Why Pharma is Investing in AI Supercomputers
Recent breakthroughs in generative AI and large language models (LLMs) have shown that scaling up models with more data and compute can yield dramatic performance gains. Pharma companies are keen to apply similar approaches to biological and chemical data. Training AI models on millions of compounds or genetic sequences demands extensive parallel computing power, which modern GPUs excel at. NVIDIA's H100 GPU, for example, is currently one of the most powerful chips for AI, delivering exaflop-scale performance when many are used in tandem ([2]) ([3]). As Recursion's CTO Ben Mabey put it, "we see AI models in the biology domain improve performance substantially as we scale our training with more data and compute horsepower" – ultimately leading to better outcomes for patients ([4]). This need for scale has driven the industry to adopt GPU-based supercomputers and cloud GPU clusters.
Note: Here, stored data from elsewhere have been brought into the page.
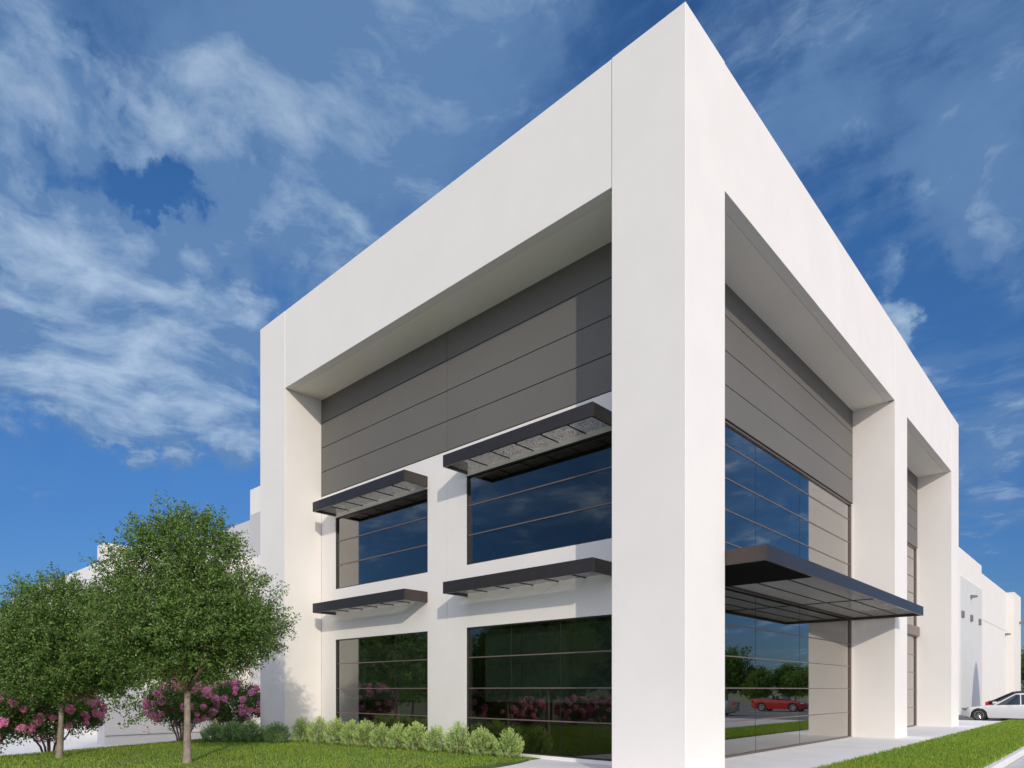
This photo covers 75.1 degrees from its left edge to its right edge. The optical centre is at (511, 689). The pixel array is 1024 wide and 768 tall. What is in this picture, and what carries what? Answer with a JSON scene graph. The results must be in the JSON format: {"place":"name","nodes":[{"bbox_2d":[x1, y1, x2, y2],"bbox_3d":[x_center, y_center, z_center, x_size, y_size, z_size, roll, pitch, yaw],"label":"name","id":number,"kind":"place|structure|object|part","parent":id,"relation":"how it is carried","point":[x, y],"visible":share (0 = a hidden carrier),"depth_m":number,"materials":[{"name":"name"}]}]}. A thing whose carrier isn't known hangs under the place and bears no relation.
{"place":"outdoors","nodes":[
{"label":"outdoors","id":0,"kind":"place"},
{"bbox_2d":[0,730,159,755],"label":"court pavement","id":1,"kind":"structure","parent":0,"point":[84,740],"depth_m":38.92,"materials":[{"name":"concrete"}]},
{"bbox_2d":[1,598,125,750],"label":"background tree","id":2,"kind":"object","parent":1,"relation":"on","point":[113,698],"depth_m":30.34,"materials":[{"name":"plant"}]},
{"bbox_2d":[104,642,250,733],"bbox_3d":[-17.007,-0.463,34.134,7.213,8.176,5.826,0,0,-38],"label":"flowering shrub","id":3,"kind":"object","parent":1,"relation":"on","point":[123,705],"visible":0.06,"depth_m":32.84,"materials":[{"name":"plant"}]},
{"bbox_2d":[0,735,538,767],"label":"lawn","id":4,"kind":"structure","parent":0,"point":[497,764],"depth_m":15.34,"materials":[{"name":"plant"}]},
{"bbox_2d":[0,691,41,753],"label":"flowering shrub","id":5,"kind":"object","parent":4,"relation":"on","point":[12,710],"visible":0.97,"depth_m":15.92,"materials":[{"name":"pink plant"}]},
{"bbox_2d":[0,687,107,752],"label":"flowering shrub","id":6,"kind":"object","parent":4,"relation":"on","point":[91,717],"visible":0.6,"depth_m":17.25,"materials":[{"name":"pink plant"}]},
{"bbox_2d":[0,559,153,757],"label":"shade tree","id":7,"kind":"object","parent":4,"relation":"on","point":[50,659],"visible":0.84,"depth_m":14.85,"materials":[{"name":"green plant"}]},
{"bbox_2d":[140,679,222,740],"bbox_3d":[-10.449,0.838,21.033,2.551,2.537,2.481,0,0,43],"label":"flowering shrub","id":8,"kind":"object","parent":4,"relation":"on","point":[173,712],"visible":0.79,"depth_m":20.61,"materials":[{"name":"pink plant"}]},
{"bbox_2d":[69,490,300,763],"bbox_3d":[-6.976,-1.276,14.584,4.574,5.953,4.577,0,0,43],"label":"shade tree","id":9,"kind":"object","parent":4,"relation":"on","point":[179,629],"visible":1,"depth_m":13.69,"materials":[{"name":"green plant"}]},
{"bbox_2d":[200,720,227,741],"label":"shrub","id":10,"kind":"object","parent":4,"relation":"on","point":[208,732],"visible":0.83,"depth_m":20.16,"materials":[{"name":"green plant"}]},
{"bbox_2d":[201,678,259,734],"bbox_3d":[-9.406,0.866,22.473,2.536,2.584,2.506,0,0,43],"label":"flowering shrub","id":11,"kind":"object","parent":4,"relation":"on","point":[248,698],"visible":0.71,"depth_m":22.09,"materials":[{"name":"pink plant"}]},
{"bbox_2d":[217,720,246,741],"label":"shrub","id":12,"kind":"object","parent":4,"relation":"on","point":[233,735],"visible":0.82,"depth_m":20.06,"materials":[{"name":"green plant"}]},
{"bbox_2d":[236,719,266,742],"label":"shrub","id":13,"kind":"object","parent":4,"relation":"on","point":[254,728],"visible":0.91,"depth_m":20.00,"materials":[{"name":"green plant"}]},
{"bbox_2d":[261,721,290,743],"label":"shrub","id":14,"kind":"object","parent":4,"relation":"on","point":[276,736],"visible":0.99,"depth_m":19.64,"materials":[{"name":"green plant"}]},
{"bbox_2d":[290,717,311,742],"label":"shrub","id":15,"kind":"object","parent":4,"relation":"on","point":[301,724],"visible":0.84,"depth_m":19.98,"materials":[{"name":"green plant"}]},
{"bbox_2d":[305,716,331,743],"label":"shrub","id":16,"kind":"object","parent":4,"relation":"on","point":[314,731],"visible":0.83,"depth_m":19.52,"materials":[{"name":"green plant"}]},
{"bbox_2d":[323,716,348,745],"bbox_3d":[-5.021,1.178,19.165,0.781,0.882,0.801,0,0,-32],"label":"shrub","id":17,"kind":"object","parent":4,"relation":"on","point":[338,726],"visible":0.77,"depth_m":19.05,"materials":[{"name":"green plant"}]},
{"bbox_2d":[339,719,363,745],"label":"shrub","id":18,"kind":"object","parent":4,"relation":"on","point":[350,725],"visible":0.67,"depth_m":18.68,"materials":[{"name":"green plant"}]},
{"bbox_2d":[352,719,375,746],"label":"shrub","id":19,"kind":"object","parent":4,"relation":"on","point":[358,735],"visible":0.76,"depth_m":18.37,"materials":[{"name":"green plant"}]},
{"bbox_2d":[369,722,394,748],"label":"shrub","id":20,"kind":"object","parent":4,"relation":"on","point":[378,735],"visible":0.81,"depth_m":17.97,"materials":[{"name":"green plant"}]},
{"bbox_2d":[385,722,411,749],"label":"shrub","id":21,"kind":"object","parent":4,"relation":"on","point":[397,732],"visible":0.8,"depth_m":17.61,"materials":[{"name":"green plant"}]},
{"bbox_2d":[401,720,429,750],"bbox_3d":[-2.487,1.198,17.318,0.791,0.832,0.796,0,0,36],"label":"shrub","id":22,"kind":"object","parent":4,"relation":"on","point":[412,732],"visible":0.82,"depth_m":17.23,"materials":[{"name":"green plant"}]},
{"bbox_2d":[421,724,446,752],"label":"shrub","id":23,"kind":"object","parent":4,"relation":"on","point":[434,744],"visible":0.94,"depth_m":16.83,"materials":[{"name":"green plant"}]},
{"bbox_2d":[442,720,474,753],"bbox_3d":[-1.318,1.174,16.456,0.862,0.883,0.857,0,0,37],"label":"shrub","id":24,"kind":"object","parent":4,"relation":"on","point":[459,742],"visible":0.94,"depth_m":16.36,"materials":[{"name":"green plant"}]},
{"bbox_2d":[467,727,496,755],"bbox_3d":[-0.710,1.231,16.052,0.737,0.769,0.756,0,0,-40],"label":"shrub","id":25,"kind":"object","parent":4,"relation":"on","point":[482,745],"visible":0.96,"depth_m":15.95,"materials":[{"name":"green plant"}]},
{"bbox_2d":[493,727,523,757],"bbox_3d":[-0.069,1.229,15.507,0.763,0.767,0.758,0,0,39],"label":"shrub","id":26,"kind":"object","parent":4,"relation":"on","point":[516,744],"visible":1,"depth_m":15.40,"materials":[{"name":"green plant"}]},
{"bbox_2d":[0,0,1023,690],"label":"sky","id":27,"kind":"structure","parent":0,"point":[176,176],"materials":[{"name":"blue"}]},
{"bbox_2d":[495,720,1003,767],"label":"walkway","id":28,"kind":"structure","parent":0,"point":[824,753],"depth_m":16.98,"materials":[{"name":"concrete"}]},
{"bbox_2d":[812,719,1023,767],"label":"verge grass","id":29,"kind":"structure","parent":0,"point":[983,746],"depth_m":16.44,"materials":[{"name":"green plant"}]},
{"bbox_2d":[959,715,1020,720],"bbox_3d":[36.315,2.562,46.885,6.520,1.675,34.800,0,0,43],"label":"parking bay","id":30,"kind":"object","parent":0,"point":[961,717],"depth_m":39.29,"materials":[{"name":"grey asphalt"}]},
{"bbox_2d":[961,693,1023,720],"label":"parked car","id":31,"kind":"object","parent":30,"relation":"on","point":[1012,706],"visible":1,"depth_m":35.87,"materials":[{"name":"white paint"}]},
{"bbox_3d":[27.623,0.552,35.853,2.700,0.620,1.638,0,0,43],"label":"window glass","id":32,"kind":"part","parent":31,"relation":"part of","materials":[{"name":"blue"}]},
{"bbox_2d":[985,691,1023,719],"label":"parked car","id":33,"kind":"object","parent":30,"relation":"on","point":[1001,698],"visible":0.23,"depth_m":38.07,"materials":[{"name":"black paint"}]},
{"bbox_3d":[29.213,0.440,38.060,3.130,0.604,1.638,0,0,43],"label":"window glass","id":34,"kind":"part","parent":33,"relation":"part of","materials":[{"name":"blue"}]},
{"bbox_2d":[1006,756,1023,767],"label":"driveway","id":35,"kind":"structure","parent":0,"point":[1018,763],"depth_m":15.23,"materials":[{"name":"grey concrete"}]},
{"label":"ground","id":36,"kind":"structure","parent":0,"visible":0},
{"bbox_2d":[11,543,249,744],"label":"dock wing","id":37,"kind":"structure","parent":36,"relation":"on","point":[110,732],"depth_m":39.64,"materials":[{"name":"white paint"}]},
{"bbox_2d":[195,486,259,733],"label":"warehouse wing","id":38,"kind":"structure","parent":36,"relation":"on","point":[252,525],"depth_m":39.34,"materials":[{"name":"white paint"}]},
{"bbox_2d":[260,2,958,767],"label":"office building","id":39,"kind":"structure","parent":36,"relation":"on","point":[606,416],"depth_m":16.32,"materials":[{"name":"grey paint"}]},
{"bbox_2d":[336,489,427,588],"bbox_3d":[-3.930,-4.355,19.793,4.560,2.290,0.105,0,0,43],"label":"window","id":40,"kind":"structure","parent":39,"relation":"in","point":[388,540],"depth_m":19.67,"materials":[{"name":"blue glass"}]},
{"bbox_2d":[336,631,427,741],"bbox_3d":[-3.930,-0.040,19.793,4.560,3.120,0.105,0,0,43],"label":"window","id":41,"kind":"structure","parent":39,"relation":"in","point":[384,678],"depth_m":19.64,"materials":[{"name":"grey"}]},
{"bbox_2d":[467,430,611,564],"bbox_3d":[0.546,-4.355,15.641,4.570,2.290,0.105,0,0,43],"label":"window","id":42,"kind":"structure","parent":39,"relation":"in","point":[559,497],"depth_m":15.47,"materials":[{"name":"blue glass"}]},
{"bbox_2d":[467,614,611,760],"bbox_3d":[0.546,-0.040,15.641,4.570,3.120,0.105,0,0,43],"label":"window","id":43,"kind":"structure","parent":39,"relation":"in","point":[547,681],"depth_m":15.41,"materials":[{"name":"grey glass"}]},
{"bbox_2d":[725,421,851,757],"bbox_3d":[7.288,-2.354,18.134,0.105,7.892,12.440,0,0,43],"label":"window","id":44,"kind":"structure","parent":39,"relation":"in","point":[788,667],"depth_m":18.24,"materials":[{"name":"blue glass"}]},
{"bbox_2d":[727,726,912,757],"bbox_3d":[11.208,2.510,22.981,5.800,1.780,34.380,0,0,43],"label":"walkway bed","id":45,"kind":"object","parent":39,"relation":"attached to","point":[788,747],"depth_m":18.68,"materials":[{"name":"concrete"}]},
{"bbox_2d":[907,634,916,726],"bbox_3d":[15.296,-0.384,26.766,0.105,3.952,7.790,0,0,43],"label":"window","id":46,"kind":"structure","parent":39,"relation":"in","point":[911,640],"depth_m":29.12,"materials":[{"name":"grey glass"}]},
{"bbox_2d":[907,543,916,625],"bbox_3d":[15.296,-4.520,26.766,0.105,3.480,7.790,0,0,43],"label":"window","id":47,"kind":"structure","parent":39,"relation":"in","point":[911,551],"depth_m":29.16,"materials":[{"name":"grey glass"}]},
{"bbox_2d":[959,547,1020,714],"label":"warehouse","id":48,"kind":"structure","parent":36,"relation":"on","point":[989,652],"depth_m":54.38,"materials":[{"name":"grey paint"}]},
{"bbox_2d":[1021,646,1023,690],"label":"background tree","id":49,"kind":"object","parent":36,"relation":"on","point":[1022,668],"visible":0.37,"depth_m":70.45,"materials":[{"name":"green plant"}]},
{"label":"parking lot","id":50,"kind":"structure","parent":0,"visible":0},
{"bbox_2d":[985,747,1023,767],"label":"kerb","id":51,"kind":"structure","parent":50,"relation":"on","point":[1010,758],"depth_m":15.32,"materials":[{"name":"concrete"}]}
]}

Key AI use cases driving GPU adoption in pharma/biotech include:
- Generative AI for drug design: e.g. models that generate novel molecular structures with desired properties (akin to how LLMs generate text). Companies use generative models to propose new drug candidates (small molecules or even biologics) and optimize them ([5]).
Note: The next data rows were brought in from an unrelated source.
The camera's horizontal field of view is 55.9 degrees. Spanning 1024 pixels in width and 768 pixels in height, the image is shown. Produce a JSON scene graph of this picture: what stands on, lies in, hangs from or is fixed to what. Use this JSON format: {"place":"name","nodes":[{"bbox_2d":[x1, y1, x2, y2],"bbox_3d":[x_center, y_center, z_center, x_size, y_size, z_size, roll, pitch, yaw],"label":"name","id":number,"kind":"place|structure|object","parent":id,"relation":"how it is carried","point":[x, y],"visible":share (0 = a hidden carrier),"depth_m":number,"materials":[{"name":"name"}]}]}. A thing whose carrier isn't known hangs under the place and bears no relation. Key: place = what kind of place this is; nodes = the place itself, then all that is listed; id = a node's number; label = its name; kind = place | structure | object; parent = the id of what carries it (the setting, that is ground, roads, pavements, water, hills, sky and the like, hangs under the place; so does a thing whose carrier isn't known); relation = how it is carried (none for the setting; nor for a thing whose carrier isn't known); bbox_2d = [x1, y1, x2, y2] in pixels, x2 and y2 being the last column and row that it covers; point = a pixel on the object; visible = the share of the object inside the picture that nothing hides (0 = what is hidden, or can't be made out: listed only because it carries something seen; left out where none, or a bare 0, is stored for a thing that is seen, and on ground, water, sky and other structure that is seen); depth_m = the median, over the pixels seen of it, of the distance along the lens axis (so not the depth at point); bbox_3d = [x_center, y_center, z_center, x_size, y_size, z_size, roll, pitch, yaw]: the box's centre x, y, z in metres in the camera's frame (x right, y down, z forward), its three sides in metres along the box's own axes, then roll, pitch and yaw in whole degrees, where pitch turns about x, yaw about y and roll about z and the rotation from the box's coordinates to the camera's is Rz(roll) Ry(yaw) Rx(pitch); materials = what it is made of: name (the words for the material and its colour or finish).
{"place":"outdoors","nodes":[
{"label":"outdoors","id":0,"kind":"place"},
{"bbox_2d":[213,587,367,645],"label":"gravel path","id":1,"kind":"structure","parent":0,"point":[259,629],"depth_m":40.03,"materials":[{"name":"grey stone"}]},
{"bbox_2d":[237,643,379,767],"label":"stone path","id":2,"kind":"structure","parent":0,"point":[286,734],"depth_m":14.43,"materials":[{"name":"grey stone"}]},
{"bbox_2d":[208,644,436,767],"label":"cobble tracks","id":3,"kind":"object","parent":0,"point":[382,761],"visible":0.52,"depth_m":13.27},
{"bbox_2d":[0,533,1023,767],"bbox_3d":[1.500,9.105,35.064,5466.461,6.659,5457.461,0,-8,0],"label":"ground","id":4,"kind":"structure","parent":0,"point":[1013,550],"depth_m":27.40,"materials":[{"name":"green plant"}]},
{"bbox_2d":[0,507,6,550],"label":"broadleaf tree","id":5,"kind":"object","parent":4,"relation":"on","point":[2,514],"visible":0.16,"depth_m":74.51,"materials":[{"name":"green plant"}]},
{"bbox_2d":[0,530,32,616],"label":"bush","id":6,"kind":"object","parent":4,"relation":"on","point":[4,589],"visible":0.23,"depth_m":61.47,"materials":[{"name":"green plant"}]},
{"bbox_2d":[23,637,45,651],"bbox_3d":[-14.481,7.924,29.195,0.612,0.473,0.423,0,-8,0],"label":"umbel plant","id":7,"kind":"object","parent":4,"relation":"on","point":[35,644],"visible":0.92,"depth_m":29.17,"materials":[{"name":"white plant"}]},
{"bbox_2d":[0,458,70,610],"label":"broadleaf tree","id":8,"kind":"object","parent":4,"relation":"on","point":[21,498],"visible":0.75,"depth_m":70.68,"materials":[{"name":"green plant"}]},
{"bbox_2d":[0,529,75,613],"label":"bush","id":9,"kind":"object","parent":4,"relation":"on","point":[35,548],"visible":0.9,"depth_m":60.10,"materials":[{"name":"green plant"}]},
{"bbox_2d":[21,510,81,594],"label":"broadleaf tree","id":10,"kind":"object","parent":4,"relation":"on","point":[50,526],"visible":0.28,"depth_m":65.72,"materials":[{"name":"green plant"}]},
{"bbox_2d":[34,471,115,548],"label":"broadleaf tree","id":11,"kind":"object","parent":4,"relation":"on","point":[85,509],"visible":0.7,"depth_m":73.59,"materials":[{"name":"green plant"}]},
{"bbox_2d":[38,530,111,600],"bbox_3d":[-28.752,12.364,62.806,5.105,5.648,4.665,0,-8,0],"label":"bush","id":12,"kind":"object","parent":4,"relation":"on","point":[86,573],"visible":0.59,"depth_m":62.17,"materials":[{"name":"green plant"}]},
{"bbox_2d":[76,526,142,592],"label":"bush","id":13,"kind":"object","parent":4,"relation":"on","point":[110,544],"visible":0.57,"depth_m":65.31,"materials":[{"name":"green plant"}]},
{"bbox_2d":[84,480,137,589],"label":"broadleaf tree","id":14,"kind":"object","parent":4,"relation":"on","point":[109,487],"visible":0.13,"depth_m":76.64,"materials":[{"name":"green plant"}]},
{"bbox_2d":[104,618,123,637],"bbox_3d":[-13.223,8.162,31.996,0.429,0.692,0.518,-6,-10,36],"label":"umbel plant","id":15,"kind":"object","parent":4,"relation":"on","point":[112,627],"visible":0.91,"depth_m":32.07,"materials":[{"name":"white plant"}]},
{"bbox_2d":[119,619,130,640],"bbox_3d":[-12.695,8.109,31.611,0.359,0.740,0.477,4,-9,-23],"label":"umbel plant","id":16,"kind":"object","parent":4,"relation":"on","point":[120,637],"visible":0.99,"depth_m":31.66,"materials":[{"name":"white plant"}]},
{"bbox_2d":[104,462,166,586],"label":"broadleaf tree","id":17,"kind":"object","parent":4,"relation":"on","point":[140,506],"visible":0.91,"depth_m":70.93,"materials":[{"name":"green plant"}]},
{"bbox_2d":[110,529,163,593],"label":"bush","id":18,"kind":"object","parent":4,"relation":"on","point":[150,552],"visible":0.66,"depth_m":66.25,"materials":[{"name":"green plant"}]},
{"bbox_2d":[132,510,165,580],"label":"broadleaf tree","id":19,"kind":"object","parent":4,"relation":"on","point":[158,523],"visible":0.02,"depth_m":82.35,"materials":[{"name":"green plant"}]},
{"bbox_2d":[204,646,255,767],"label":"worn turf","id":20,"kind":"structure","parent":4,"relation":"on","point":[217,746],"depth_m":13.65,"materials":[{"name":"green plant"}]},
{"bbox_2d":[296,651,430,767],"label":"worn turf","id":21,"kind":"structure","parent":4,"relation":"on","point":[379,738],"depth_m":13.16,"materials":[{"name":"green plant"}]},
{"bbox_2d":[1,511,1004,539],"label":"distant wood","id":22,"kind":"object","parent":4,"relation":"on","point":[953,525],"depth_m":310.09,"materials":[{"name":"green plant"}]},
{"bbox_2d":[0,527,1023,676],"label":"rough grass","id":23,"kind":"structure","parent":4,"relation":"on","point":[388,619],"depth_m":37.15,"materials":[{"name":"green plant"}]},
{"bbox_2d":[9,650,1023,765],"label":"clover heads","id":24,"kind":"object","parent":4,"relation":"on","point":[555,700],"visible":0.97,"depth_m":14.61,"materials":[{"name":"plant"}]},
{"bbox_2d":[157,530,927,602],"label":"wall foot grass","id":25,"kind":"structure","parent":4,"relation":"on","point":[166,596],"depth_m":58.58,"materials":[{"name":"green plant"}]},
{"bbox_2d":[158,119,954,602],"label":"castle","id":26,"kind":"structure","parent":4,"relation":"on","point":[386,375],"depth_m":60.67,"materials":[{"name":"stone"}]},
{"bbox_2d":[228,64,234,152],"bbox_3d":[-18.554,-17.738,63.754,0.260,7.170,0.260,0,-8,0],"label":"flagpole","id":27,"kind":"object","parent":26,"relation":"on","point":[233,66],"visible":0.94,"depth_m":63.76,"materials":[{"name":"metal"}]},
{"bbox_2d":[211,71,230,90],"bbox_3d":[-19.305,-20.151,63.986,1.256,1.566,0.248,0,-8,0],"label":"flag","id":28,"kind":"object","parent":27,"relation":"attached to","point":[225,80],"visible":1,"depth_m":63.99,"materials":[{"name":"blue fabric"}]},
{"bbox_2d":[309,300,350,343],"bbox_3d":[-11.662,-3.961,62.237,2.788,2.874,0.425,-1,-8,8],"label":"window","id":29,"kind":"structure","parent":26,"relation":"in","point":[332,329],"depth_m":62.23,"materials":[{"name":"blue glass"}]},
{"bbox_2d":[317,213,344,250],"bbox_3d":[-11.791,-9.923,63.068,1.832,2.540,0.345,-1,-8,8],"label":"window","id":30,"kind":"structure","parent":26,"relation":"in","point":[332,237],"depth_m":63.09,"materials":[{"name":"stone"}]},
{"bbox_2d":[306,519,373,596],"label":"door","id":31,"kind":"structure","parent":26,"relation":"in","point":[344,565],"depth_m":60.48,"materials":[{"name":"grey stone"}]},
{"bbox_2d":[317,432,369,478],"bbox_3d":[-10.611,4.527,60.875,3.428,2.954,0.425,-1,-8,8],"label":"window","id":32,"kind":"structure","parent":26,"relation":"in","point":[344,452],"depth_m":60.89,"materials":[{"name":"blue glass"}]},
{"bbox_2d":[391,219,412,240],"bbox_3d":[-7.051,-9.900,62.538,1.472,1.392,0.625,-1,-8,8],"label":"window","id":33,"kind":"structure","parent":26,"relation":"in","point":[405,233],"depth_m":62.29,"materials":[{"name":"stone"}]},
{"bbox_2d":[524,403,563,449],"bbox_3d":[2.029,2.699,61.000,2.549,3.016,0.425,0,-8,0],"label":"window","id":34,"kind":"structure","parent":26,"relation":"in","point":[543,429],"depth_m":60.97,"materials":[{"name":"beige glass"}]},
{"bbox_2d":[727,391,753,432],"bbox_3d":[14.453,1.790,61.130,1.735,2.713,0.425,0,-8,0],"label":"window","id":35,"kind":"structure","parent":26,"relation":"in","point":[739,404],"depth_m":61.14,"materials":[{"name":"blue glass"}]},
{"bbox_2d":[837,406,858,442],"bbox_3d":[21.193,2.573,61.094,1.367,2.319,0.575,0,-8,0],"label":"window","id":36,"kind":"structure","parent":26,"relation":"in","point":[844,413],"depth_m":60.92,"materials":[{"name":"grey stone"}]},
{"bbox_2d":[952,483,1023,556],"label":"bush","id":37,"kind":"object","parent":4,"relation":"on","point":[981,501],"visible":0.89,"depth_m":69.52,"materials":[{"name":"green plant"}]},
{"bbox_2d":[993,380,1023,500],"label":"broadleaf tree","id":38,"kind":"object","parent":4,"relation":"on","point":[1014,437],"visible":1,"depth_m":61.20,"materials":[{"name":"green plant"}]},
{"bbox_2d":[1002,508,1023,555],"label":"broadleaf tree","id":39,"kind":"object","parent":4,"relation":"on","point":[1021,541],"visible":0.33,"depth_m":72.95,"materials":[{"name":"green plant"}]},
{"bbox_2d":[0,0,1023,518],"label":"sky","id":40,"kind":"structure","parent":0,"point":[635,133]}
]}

- Protein structure and interaction prediction: GPUs enable protein folding simulations (like AlphaFold-style models) and prediction of how drugs bind to targets (docking). For instance, NVIDIA's BioNeMo service offers models like DiffDock for predicting ligand-protein binding ([6]).
- Molecular dynamics (MD) and simulations: High-end GPUs can perform MD simulations of molecular systems at high speed, helping researchers observe how proteins and compounds behave over time ([7]).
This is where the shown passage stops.